If you have an ACS member number, please enter it here so we can link this account to your membership. (optional)

ACS values your privacy. By submitting your information, you are gaining access to C&EN and subscribing to our weekly newsletter. We use the information you provide to make your reading experience better, and we will never sell your data to third party members.



Bringing The Logic Of The Lab Bench To Big Data Information Technology

Software firms and drug companies are learning to use their deluge of data more effectively

by Rick Mullin
June 9, 2014 | A version of this story appeared in Volume 92, Issue 23

Example of a cluster graph
Credit: YarcData
YarcData’s Urika generates cluster graphs as a means of visualizing data sets.

In the wake of the terrorist attacks of Sept. 11, 2001, the U.S. government found itself in a new world of data-intensive terror threat analysis, one in which its already formidable data management and information technology firepower would need a significant boost. It signed on Cray, one of its supercomputer suppliers, to develop new technology to study complex relationships in vast amounts of data.

“The agency had lots of technology to solve lots of kinds of problems,” says Misti Lusher, a marketing director at Cray. The agency, which she says she is not at liberty to identify, “had every technology you could name in their basement. But the one problem they couldn’t solve was to basically connect the dots between people, new media, and photos to find things that they didn’t know.”

Cray went to work on a chip and a computing system from which a researcher can construct a visualization of interconnected data from various sources in order to discern patterns—or the lack thereof. It was the beginning of the era of what is now known as big data.

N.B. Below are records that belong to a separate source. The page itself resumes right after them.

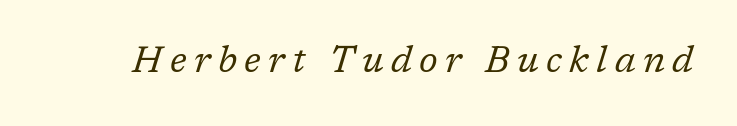
The specimen omits any rule beneath the text block's lines. The passage shown is typed in a proportional face where columns would drift. Each word looks stretched out because of the extra space between its letters. The face looks like a standard text weight, possibly lighter. This is oblique type, the kind used for emphasis or titles. Serifs: yes, visible at the terminals of the letterforms.
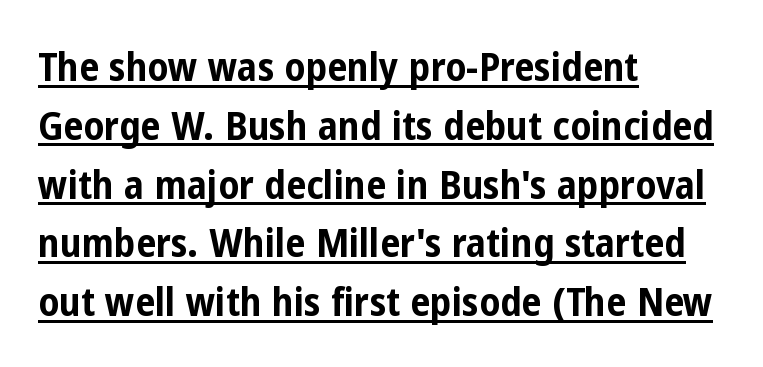
Q: Is the text bold? A: Yes.
Q: Is the text italic (slanted)? A: No, it is upright.
Q: Is the typeface a serif or a sans-serif typeface? A: Sans-serif.
Q: Is the text underlined? A: Yes.
Q: How is the paragraph aligned? A: Left-aligned.
Q: Is the spacing between letters normal or unusually wide? A: Normal.
Q: Is the spacing between lines tight, normal or loose? A: Normal.
Q: Width (condensed, normal, or wide)? A: Condensed.
Q: Stroke contrast? A: Low.
Q: x-height? A: Medium.
Q: Monospaced? A: No.
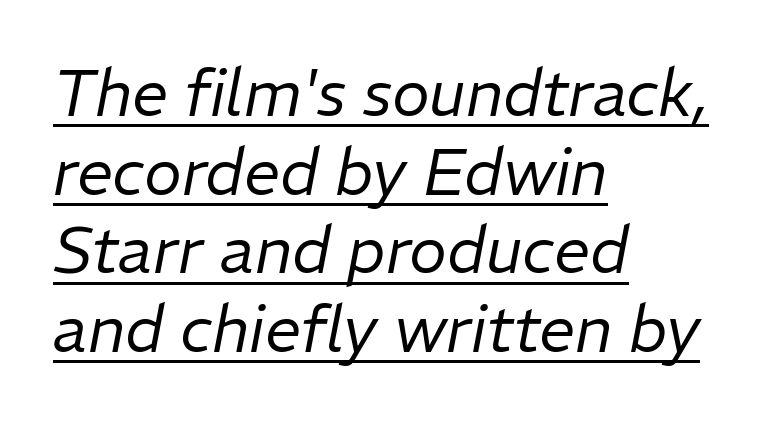
Looks like regular typesetting: each glyph gets only the width it needs. Each line of the rendering has a horizontal stroke beneath the glyphs. Heaviness? Minimal to ordinary, like unemphasized prose. A student would call this left alignment; a typographer would say flush left, rag right. This sample uses plain, unmodified letter spacing. If you drew a line through each stem, it would be angled.
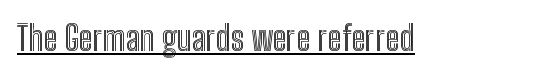
{"italic": "no", "width": "condensed", "x_height": "medium", "monospaced": "no", "underline": "yes", "letter_spacing": "normal", "letter_spacing_em": 0.0, "glyph_px": 34}

Such a system clearly had applications beyond the government, so Cray moved forward on developing not only a product but also a separate company to supply graph analysis systems for big data. The company, YarcData, debuted in 2012. And one of its main markets is drug research, according to David Anstey, the head of YarcData’s life sciences business.

Indeed, nearly every supplier of computer hardware and software has mobilized to equip bench scientists with the information technology (IT) necessary to manage the great volumes of diverse data that are emerging in drug research. Their customers, meanwhile, are sorting through the third-party options and trying a few of their own. Much of the work mirrors Cray’s response to its government client. Vendors and users alike are developing analytical engines to supplement generic storage and computation systems that bog down under big data.

Tom Arneman, president of Ceiba Solutions, a data analysis software firm, cites one popular estimate of how quickly data is expanding. “If you take all the data from the beginning of time to 2012,” he says, “there will be 13 times more data stored in the next two years, and 44 times more data created.”

Not all of it will have to do with drug research, where the volume of data stored and the velocity with which it accumulates are high but lower than in other endeavors such as meteorology and finance. However, the variety of data—the third defining V in big data—is a principal challenge in pharmaceutical labs, as is its wide dispersion, both within private research organizations and in public repositories.

Arneman says researchers are overwhelmed even when Hadoop, the software that underpins most big data IT systems, is in place. The complexity of data requires the use of supplementary software that caters to the appropriate work process—the problem-solving logic of a scientist, for example. Ceiba’s Helium software, he says, operates in conjunction with electronic laboratory notebooks (ELNs), laboratory information management systems, and data storage systems to guide scientists to information relevant to specific areas of research.

Helium, which was developed by GlaxoSmithKline and acquired by Ceiba in 2012, addresses a fundamental change in drug research, says Robert Cooper, Ceiba’s director of business development. “Scientists are now not only required to be scientists,” he says. “They are literally required to be data curators, information gatherers, data aggregators, and data storers.” And they need to be able to understand the relationship of a variety of data—genomic, phenotypic, clinical—to research at hand.

Automated support for researcher decision making is only starting to hit the market, according to Arneman. “Three or four years ago, the best vision of how to analyze data was to take all the data across a company and normalize it to a common data model, taxonomy, and ontology, and dump it into a data warehouse,” he says. “That was state-of-the-art, and it never worked. It was a nightmare, and it cost a lot of money.”

Adding the necessary support for drug discovery—a tool with visual rendering of data connections—requires software development by people familiar with the lab. “There is a human-IT relationship that a lot of technologies miss,” Cooper says. “The nice thing about Helium is that it allows the scientist to say, ‘This is what I’m interested in. Tell me the things I can do against this particular component of science, and source to me the relationships that exist so I can use my brain and travel down pathways of discovery.”

Credit: IBM
IBM is supplementing the computational capacity of this Blue Gene/Q with new file management and warehousing software.
Photo of the IBM Blue Gene Q
Credit: IBM
IBM is supplementing the computational capacity of this Blue Gene/Q with new file management and warehousing software.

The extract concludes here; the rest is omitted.